Just wanted to show some of the red sphagnum (Acutifolia) we've been cultivating. It's red, like really, really red! We've been growing the majority outdoors, but I've set up some trials with a couple different species to see how well it fares in a vivarium. S. bartlettianum is native to the southeast, so it may actually fare decently well in a viv. I guess we'll see!

Pictured is my favorite, S. rubellum.


----------



## kblack3 (Mar 9, 2015)

That is amazing. Keep us in the loop hope it fares well


----------



## toaddrool (Feb 5, 2013)

Nice moss. How does it do in a vivarium long term? Will it spore?


----------



## oldlady25715 (Nov 17, 2007)

Would add nice coloration to a viv. Pretty cool.


----------



## Ed (Sep 19, 2004)

This species could work differently but all the red sphagnums I've tried turn green under vivarium condition due to insufficient light intensity. If there is sufficient light intensity sphagnum does fine under terrarium conditions but in my experience it gets crowded out over by other mosses over time. 
There are still some growing sphagnum on this tree stump (please excuse the dirty glass) but most of it has been crowded out. 



Some comments 

Ed


----------



## boabab95 (Nov 5, 2009)

This is also my experience with most red Sphagnum I've tried. The only time I got it even close to turning red was when it was right against the glass top, 2'' away from 3x T5 HO bulbs. And in that spot, I was more worried about not letting it dry out.
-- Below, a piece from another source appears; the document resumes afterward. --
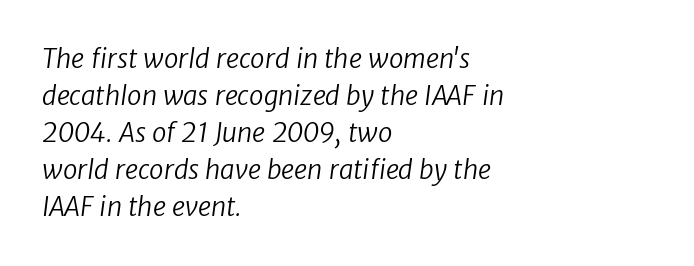
{"bold": "no", "underline": "no", "align": "left", "line_spacing": "normal", "line_spacing_ratio": 1.42, "letter_spacing": "normal", "letter_spacing_em": 0.0, "glyph_px": 26}
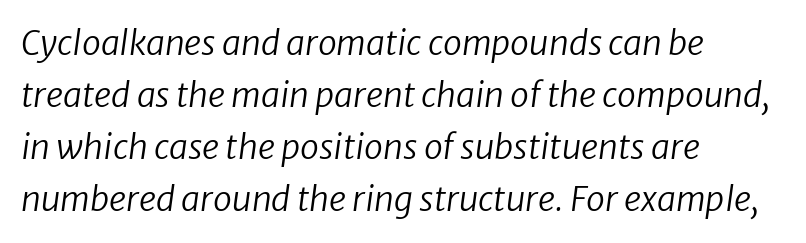
{"serif": "no", "bold": "no", "weight": "regular", "width": "normal", "stroke_contrast": "low", "x_height": "medium", "monospaced": "no", "underline": "no", "align": "left", "line_spacing": "normal", "line_spacing_ratio": 1.53, "letter_spacing": "normal", "letter_spacing_em": 0.0, "glyph_px": 34}

Have to admit though, that it some NICE Sphagnum 



Ed said:


> This species could work differently but all the red sphagnums I've tried turn green under vivarium condition due to insufficient light intensity. If there is sufficient light intensity sphagnum does fine under terrarium conditions but in my experience it gets crowded out over by other mosses over time.
> There are still some growing sphagnum on this tree stump (please excuse the dirty glass) but most of it has been crowded out.
> 
> 
> ...


----------



## hydrophyte (Jun 5, 2009)

This plant would be neat in a dedicated acid bog planting with other sphagnums, carnivorous plants and other small bog species, such as cranberries. A lot of those plants seem to adapt OK to wet terrarium conditions. Many of them are evergreen. At the local botanical garden they have an indoor display that is just a 20-gallon fish tank illuminated with medium-bright lighting.and with sphagnum along with a number of other bog plants. The setup is nothing special, but they are all doing real well. 

I imagine it would be harder to maintain these kinds of plants in a dart frog setup because they would tend to be shaded by taller foliage and the lighting might just be too far away. The extra nutrients from livestock feeding would also just be deadly for bog plants.


----------



## Dendro Dave (Aug 2, 2005)

I'd be interested in trying some if you decide to let some go.... I have some ideas


----------



## Frogtofall (Feb 16, 2006)

I'll echo the same as Ed and Jeremy, I've only had the stuff at the very tip top of the tank stay red but most of it just stays green. Pretty gorgeous stuff though. Would be cool to see used on some high elevation, bright light type displays.


----------